Guru & Dosen
Beranda » Berita » Profil Saiful Mujani, Guru Besar UIN Jakarta yang Dilaporkan ke Polda Metro Jaya atas Dugaan Penghasutan

Profil Saiful Mujani, Guru Besar UIN Jakarta yang Dilaporkan ke Polda Metro Jaya atas Dugaan Penghasutan

Profil Saiful Mujani, Guru Besar UIN Jakarta yang Dilaporkan ke Polda Metro Jaya atas Dugaan Penghasutan
Profil Saiful Mujani, Guru Besar UIN Jakarta yang Dilaporkan ke Polda Metro Jaya atas Dugaan Penghasutan

Media Pendidikan – 11 April 2026 | Saiful Mujani, seorang akademisi terkemuka yang menjabat sebagai Guru Besar di Universitas Islam Negeri (UIN) Jakarta, kini menjadi sorotan publik setelah resmi dilaporkan ke Polda Metro Jaya. Laporan tersebut mengacu pada dugaan penghasutan yang muncul dari pernyataan Mujani mengenai seruan untuk menggulingkan pemerintahan Presiden Prabowo Subianto.

Latar Belakang Pendidikan dan Karier

Saiful Mujani menempuh pendidikan tinggi di bidang ilmu politik dan ilmu sosial, memperoleh gelar doktor dari universitas ternama di luar negeri. Setelah kembali ke Indonesia, ia mengabdi di UIN Jakarta dan berhasil meraih jabatan Guru Besar pada tahun 2023. Selama masa pengabdiannya, Mujani dikenal aktif meneliti dinamika politik Indonesia, khususnya hubungan antara lembaga keagamaan dan negara.

Baca juga:

Berbagai publikasi ilmiah hasil karya Mujani telah dimuat dalam jurnal internasional terakreditasi. Ia juga sering menjadi narasumber dalam forum-forum akademik dan media massa, memberikan analisis tentang tren politik, kebijakan publik, dan peran agama dalam demokrasi.

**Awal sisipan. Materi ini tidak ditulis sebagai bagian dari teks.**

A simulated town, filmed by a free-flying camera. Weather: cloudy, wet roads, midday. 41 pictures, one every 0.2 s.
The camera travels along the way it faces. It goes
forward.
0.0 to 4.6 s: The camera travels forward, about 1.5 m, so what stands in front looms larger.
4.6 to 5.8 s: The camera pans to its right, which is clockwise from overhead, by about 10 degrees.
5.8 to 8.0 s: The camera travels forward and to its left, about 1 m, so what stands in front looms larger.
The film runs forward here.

Pernyataan Kontroversial dan Tindakan Hukum

Pada awal April 2026, Mujani memberikan komentar dalam sebuah wawancara yang kemudian disebarluaskan melalui media daring. Dalam komentar tersebut, ia menyatakan bahwa “kekuasaan saat ini tidak mencerminkan aspirasi rakyat” dan menambahkan bahwa “perubahan struktural termasuk kemungkinan pergantian kepemimpinan merupakan jalan keluar yang sah”. Pernyataan ini ditafsirkan oleh sejumlah pihak sebagai ajakan untuk melakukan tindakan penggulingan terhadap Presiden Prabowo Subianto.

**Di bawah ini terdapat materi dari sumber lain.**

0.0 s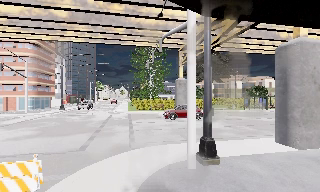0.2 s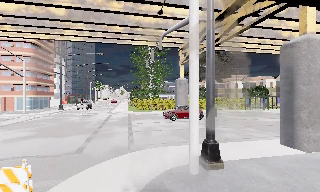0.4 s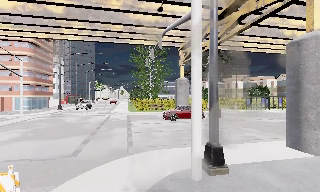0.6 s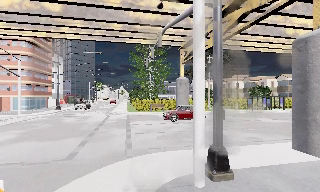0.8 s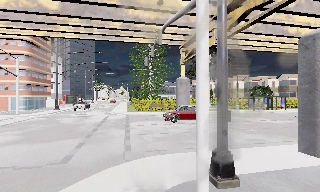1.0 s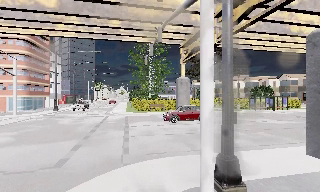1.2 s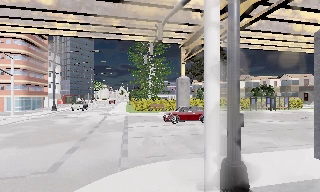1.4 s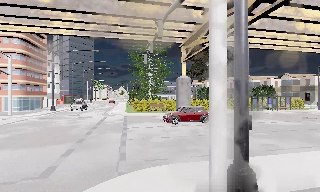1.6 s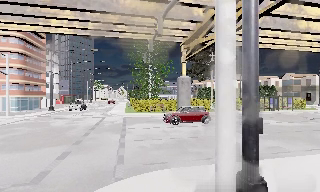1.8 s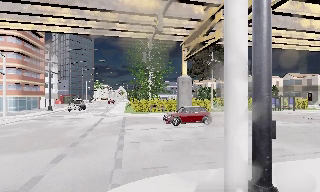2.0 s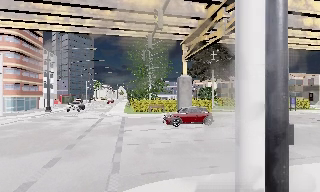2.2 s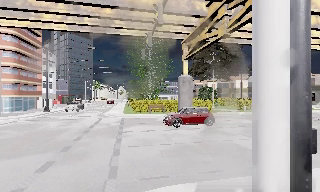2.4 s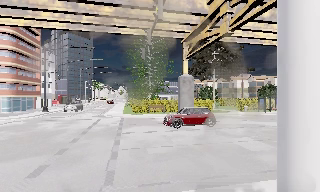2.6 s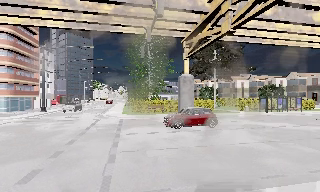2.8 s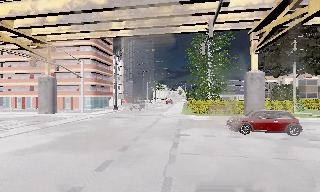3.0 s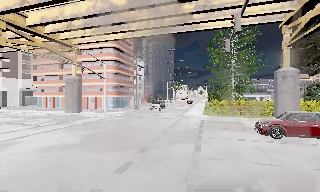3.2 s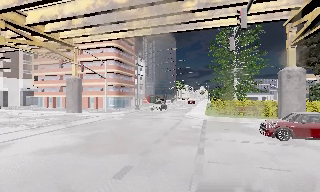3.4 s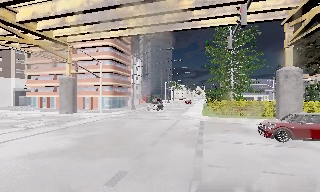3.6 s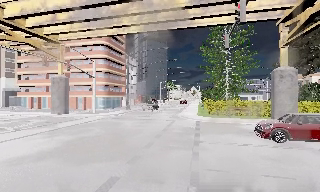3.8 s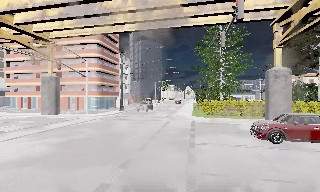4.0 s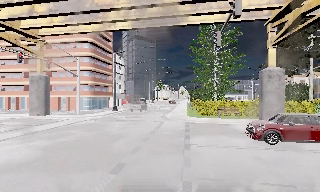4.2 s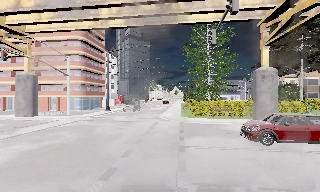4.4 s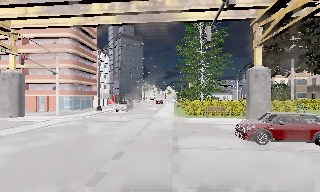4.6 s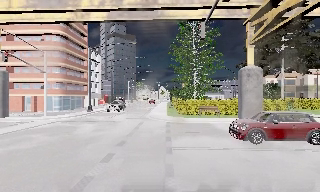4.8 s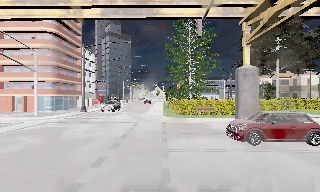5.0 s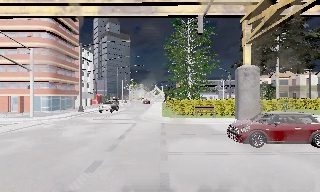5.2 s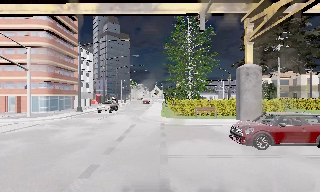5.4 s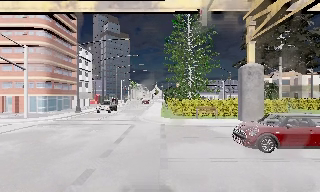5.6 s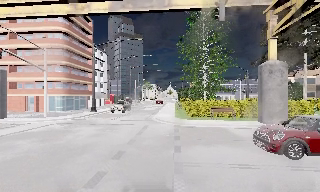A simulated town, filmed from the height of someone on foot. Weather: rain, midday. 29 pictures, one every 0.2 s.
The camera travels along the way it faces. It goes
forward.
0.0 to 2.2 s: The camera travels forward, about 4 m, so what stands in front looms larger.
2.2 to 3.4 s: The camera swings to its left by about 25 degrees, and the scene slides to the right. It travels forward, about 2 m, so what stands in front looms larger.
3.4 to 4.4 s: The scene slides to the left, as the camera pans about 10 degrees to its right. It travels forward, about 2 m, so what stands in front looms larger.
4.4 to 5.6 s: The camera travels forward, about 2 m, so what stands in front looms larger.
The film runs forward here.
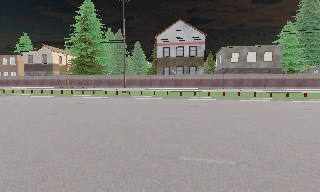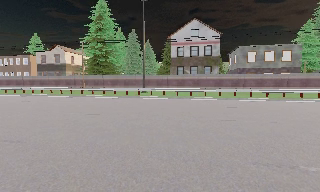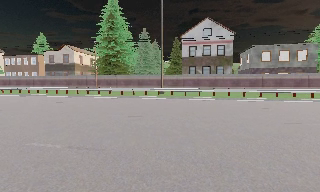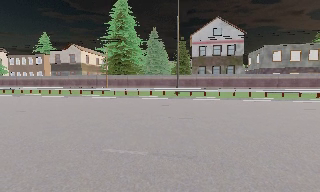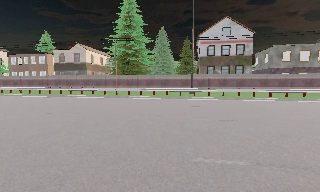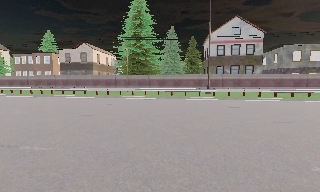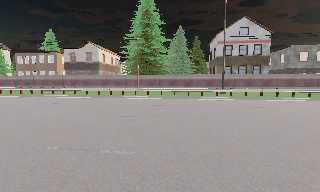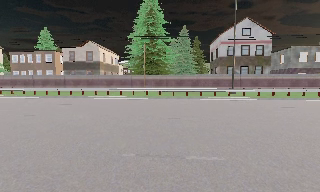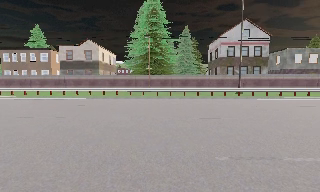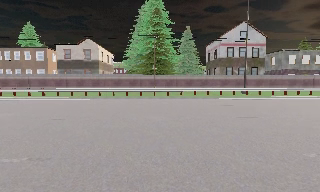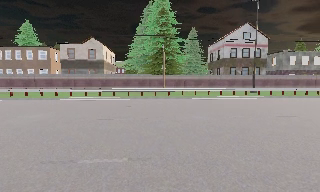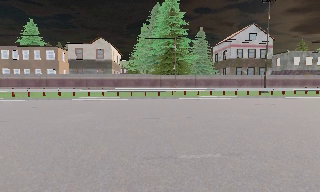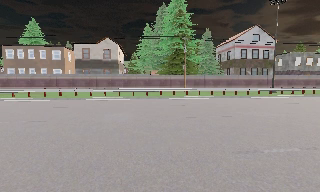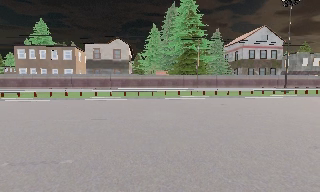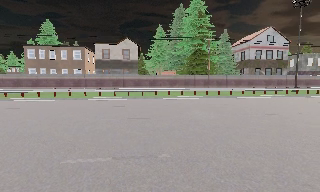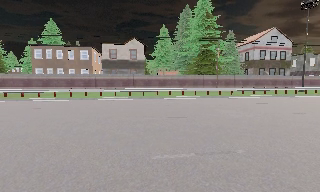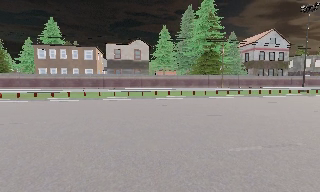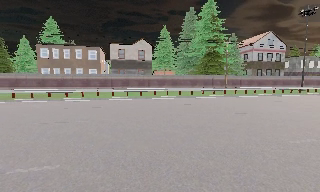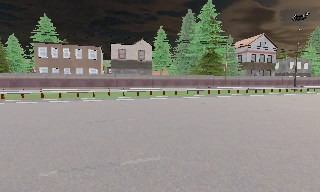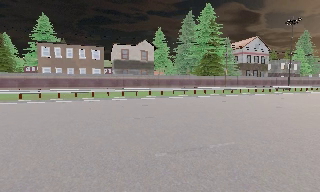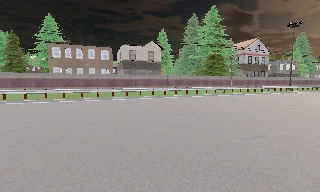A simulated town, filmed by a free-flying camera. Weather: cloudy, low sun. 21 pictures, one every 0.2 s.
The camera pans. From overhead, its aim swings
clockwise.
0.0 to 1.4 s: The camera travels to its left, about 14 m, so close, fixed things drift to the right.
1.4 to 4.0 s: The camera pans to its right, which is clockwise from overhead, by about 25 degrees. It travels to its left, about 25 m, so close, fixed things drift to the right.
The film runs forward here.

Menanggapi hal tersebut, kepolisian daerah Metro Jaya menerima laporan resmi dari pihak yang merasa terancam oleh pernyataan Mujani. Berdasarkan Undang-Undang Nomor 12 Tahun 2005 tentang Penetapan Peraturan Penghinaan, serta Undang-Undang Nomor 27/1999 tentang Tindak Pidana Penghasutan, Polda Metro Jaya membuka penyelidikan dan menyiapkan dokumen formal untuk melaporkan Mujani ke kejaksaan.

Baca juga:

Reaksi Publik dan Akademisi

Kasus ini memicu perdebatan sengit di kalangan masyarakat dan kalangan akademisi. Sebagian menganggap bahwa kebebasan berpendapat harus dilindungi, bahkan bila menyentuh isu politik sensitif. Sementara itu, kelompok lain menilai bahwa pernyataan Mujani melampaui batas kebebasan berpendapat dan berpotensi menimbulkan konflik sosial.

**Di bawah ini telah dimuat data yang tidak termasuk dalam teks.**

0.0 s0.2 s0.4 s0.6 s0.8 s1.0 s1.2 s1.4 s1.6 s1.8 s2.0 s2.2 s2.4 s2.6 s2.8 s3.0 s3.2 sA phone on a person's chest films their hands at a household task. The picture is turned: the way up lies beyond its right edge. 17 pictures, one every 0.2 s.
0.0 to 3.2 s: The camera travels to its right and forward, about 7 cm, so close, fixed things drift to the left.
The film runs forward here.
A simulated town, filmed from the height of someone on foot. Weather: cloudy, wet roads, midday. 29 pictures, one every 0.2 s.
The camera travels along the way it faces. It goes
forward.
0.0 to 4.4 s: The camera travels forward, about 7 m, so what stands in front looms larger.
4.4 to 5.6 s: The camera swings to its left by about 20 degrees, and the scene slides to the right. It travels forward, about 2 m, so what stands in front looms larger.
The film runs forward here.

Beberapa rekan sejawat dari lingkungan akademik UIN Jakarta menyatakan keprihatinan mereka atas proses hukum yang sedang berjalan, namun menegaskan pentingnya menjaga netralitas institusi pendidikan. “Kami menghargai kebebasan akademik, namun setiap ucapan publik harus disertai tanggung jawab,” ujar salah satu profesor hukum tata negara.

Implikasi bagi Dunia Pendidikan dan Politik

Jika terbukti melakukan penghasutan, Saiful Mujani dapat dikenai sanksi pidana yang mencakup denda maupun kurungan penjara, sesuai dengan ketentuan hukum yang berlaku. Selain konsekuensi hukum, reputasi profesionalnya sebagai akademisi juga dapat terdampak, termasuk kemungkinan pencabutan gelar atau pemecatan dari posisi Guru Besar.

Baca juga:

Kasus ini juga menyoroti ketegangan antara kebebasan akademik dan batasan-batasan yang diatur oleh undang-undang tentang keamanan negara. Pemerintah dan lembaga pendidikan diharapkan dapat menemukan keseimbangan yang melindungi hak asasi manusia sekaligus menjaga ketertiban umum.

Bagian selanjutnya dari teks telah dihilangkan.